Long-term Ingrezza Found Safe for Tardive Dyskinesia

Researchers gauged 3 pooled study results to consider the safety and tolerability of marketed valbenazine for TD.

To determine the long-term safety and tolerability of valbenazine (Ingrezza) in schizophrenia, schizoaffective disorder, or mood disorder patients with tardive dyskinesia (TD) caused by treatment with antipsychotic agents, researchers recently analyzed pooled results from 3 KINECT studies.

The analysis allowed researchers to examine issues of clinical importance in a larger study population, observed Richard Josiassen, PhD (pictured), leader of the analysis team and research professor of psychiatry and psychology at Drexel University College of Medicine.

Valbenazine appeared well tolerated in adults with TD after as many as 48 weeks of treatment, according to the post-hoc analysis.

The patient population for the analysis included 430 valbenazine-treated patients from 3 KINECT studies: 46 patients from KINECT, in which an initial 6-week, double-blind, placebo-controlled phase was followed by a 6-week, open-label phase; 220 patients from KINECT 3, which included a similar initial phase, a 42-week, blinded extension phase, then 4 weeks of drug-free follow-up; and 164 patients from KINECT 4, which included a 48-week, open-label phase, then 4 weeks of drug-free follow-up.

Regarding the analysis population, 72% of had schizophrenia or schizoaffective disorder, 28% had a mood disorder, and 85% were taking an antipsychotic medication.
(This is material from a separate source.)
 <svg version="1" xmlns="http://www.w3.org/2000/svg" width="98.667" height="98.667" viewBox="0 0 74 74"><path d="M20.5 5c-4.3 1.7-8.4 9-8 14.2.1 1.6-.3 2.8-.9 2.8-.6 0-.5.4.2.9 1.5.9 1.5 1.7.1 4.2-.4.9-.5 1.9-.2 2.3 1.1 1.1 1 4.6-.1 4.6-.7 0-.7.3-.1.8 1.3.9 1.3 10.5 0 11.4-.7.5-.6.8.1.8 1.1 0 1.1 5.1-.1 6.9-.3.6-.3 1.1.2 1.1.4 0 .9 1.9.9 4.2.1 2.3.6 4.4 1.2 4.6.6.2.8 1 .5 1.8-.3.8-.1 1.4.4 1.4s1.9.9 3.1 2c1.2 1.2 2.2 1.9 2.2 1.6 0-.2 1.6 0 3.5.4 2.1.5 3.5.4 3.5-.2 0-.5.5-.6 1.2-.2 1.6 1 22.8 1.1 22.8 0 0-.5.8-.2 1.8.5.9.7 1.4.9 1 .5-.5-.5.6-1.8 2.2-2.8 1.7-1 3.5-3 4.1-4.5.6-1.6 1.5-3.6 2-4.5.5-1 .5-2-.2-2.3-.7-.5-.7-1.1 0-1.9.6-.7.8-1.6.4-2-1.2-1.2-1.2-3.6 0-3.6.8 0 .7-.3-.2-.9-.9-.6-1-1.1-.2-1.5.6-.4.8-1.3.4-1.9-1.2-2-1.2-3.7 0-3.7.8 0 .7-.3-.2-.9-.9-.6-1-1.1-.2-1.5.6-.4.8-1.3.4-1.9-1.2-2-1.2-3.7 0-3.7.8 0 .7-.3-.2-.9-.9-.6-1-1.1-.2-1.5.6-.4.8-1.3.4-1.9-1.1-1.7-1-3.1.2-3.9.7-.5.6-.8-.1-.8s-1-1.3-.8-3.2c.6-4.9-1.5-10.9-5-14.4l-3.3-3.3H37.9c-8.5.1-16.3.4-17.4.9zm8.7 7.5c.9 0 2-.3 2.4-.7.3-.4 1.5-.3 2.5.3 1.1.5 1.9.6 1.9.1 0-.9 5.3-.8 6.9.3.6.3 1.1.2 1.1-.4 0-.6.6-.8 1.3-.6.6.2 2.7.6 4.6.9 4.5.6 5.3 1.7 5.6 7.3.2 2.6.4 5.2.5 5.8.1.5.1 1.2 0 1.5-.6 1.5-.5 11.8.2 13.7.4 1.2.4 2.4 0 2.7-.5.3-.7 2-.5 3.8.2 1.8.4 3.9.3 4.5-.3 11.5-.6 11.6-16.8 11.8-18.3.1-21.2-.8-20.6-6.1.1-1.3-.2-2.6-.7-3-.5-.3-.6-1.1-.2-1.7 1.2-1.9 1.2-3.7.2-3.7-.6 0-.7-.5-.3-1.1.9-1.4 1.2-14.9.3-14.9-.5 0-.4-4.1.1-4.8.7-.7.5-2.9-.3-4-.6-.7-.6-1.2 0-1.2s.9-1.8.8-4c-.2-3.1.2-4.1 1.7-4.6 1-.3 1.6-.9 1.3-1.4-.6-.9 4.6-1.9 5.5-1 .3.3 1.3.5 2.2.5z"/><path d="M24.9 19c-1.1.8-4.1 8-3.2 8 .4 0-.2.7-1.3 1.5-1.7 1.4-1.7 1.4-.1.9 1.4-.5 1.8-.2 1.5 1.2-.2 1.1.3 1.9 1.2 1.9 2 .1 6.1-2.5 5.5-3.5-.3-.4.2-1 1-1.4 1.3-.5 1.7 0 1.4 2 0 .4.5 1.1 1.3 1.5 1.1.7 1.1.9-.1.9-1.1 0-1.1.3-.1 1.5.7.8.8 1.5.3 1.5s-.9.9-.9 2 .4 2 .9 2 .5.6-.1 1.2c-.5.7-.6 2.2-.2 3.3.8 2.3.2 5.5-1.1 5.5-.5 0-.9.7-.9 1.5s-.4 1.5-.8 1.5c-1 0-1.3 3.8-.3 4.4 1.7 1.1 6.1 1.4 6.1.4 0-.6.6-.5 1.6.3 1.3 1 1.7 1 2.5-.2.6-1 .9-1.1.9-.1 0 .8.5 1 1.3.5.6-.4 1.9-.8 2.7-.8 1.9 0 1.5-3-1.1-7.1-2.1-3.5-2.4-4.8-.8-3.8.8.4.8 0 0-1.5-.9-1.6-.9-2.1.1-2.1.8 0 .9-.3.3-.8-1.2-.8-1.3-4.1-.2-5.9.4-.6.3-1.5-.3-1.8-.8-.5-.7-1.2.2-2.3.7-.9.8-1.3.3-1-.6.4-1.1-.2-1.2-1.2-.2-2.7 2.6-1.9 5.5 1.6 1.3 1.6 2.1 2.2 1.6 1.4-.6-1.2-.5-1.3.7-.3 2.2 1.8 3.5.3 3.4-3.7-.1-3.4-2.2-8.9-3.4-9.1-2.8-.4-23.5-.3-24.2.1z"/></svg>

Assessments included measures of adverse events, laboratory values, and vital signs as well as electrocardiograms (ECG) and extrapyramidal symptom (EPS) scale scores. Mean changes in laboratory values, vital signs, ECG, and EPS scale scores from baseline to end of treatment were minimal and not clinically significant.

Treatment-emergent adverse events, most commonly urinary tract infection, headache, and somnolence, occurred in 67% of patients in the analysis population, and discontinuations from adverse events occurred in 15%. The incidence of these events was lower in the subgroup with schizophrenia or schizoaffective disorder (64%) than in the subgroup with a mood disorder (72%).

In addition, in the subgroup with schizophrenia or schizoaffective disorder, psychiatric stability was monitored by using standardized scales for positive and negative schizophrenic syndromes and for depression in schizophrenia. In the subgroup with mood disorders, it was monitored by using depression and mania rating scales. Mean change in scores on these scales from baseline to the end of treatment indicated that both diagnostic subgroups maintained psychiatric stability.

“It appears that valbenazine can be safely co-administered with conventional psychiatric medications, both in terms of drug-drug interactions and possible destabilizing effects on psychiatric symptoms,” Josiassen said.

These findings are particularly important because most patients with TD need to continue taking antipsychotic medication. In addition, TD tends to be chronic, and a companion analysis of long-term KINECT efficacy data by Josiassen and colleagues showed that TD symptoms re-emerge after patients stop taking valbenazine. Thus, TD requires continued treatment with valbenazine for long-term symptom control.

The report, “Long-term safety and tolerability of valbenazine (NBI-98854) in subjects with tardive dyskinesia and a diagnosis of schizophrenia or mood disorder,” was published in Psychopharmacology Bulletin in August.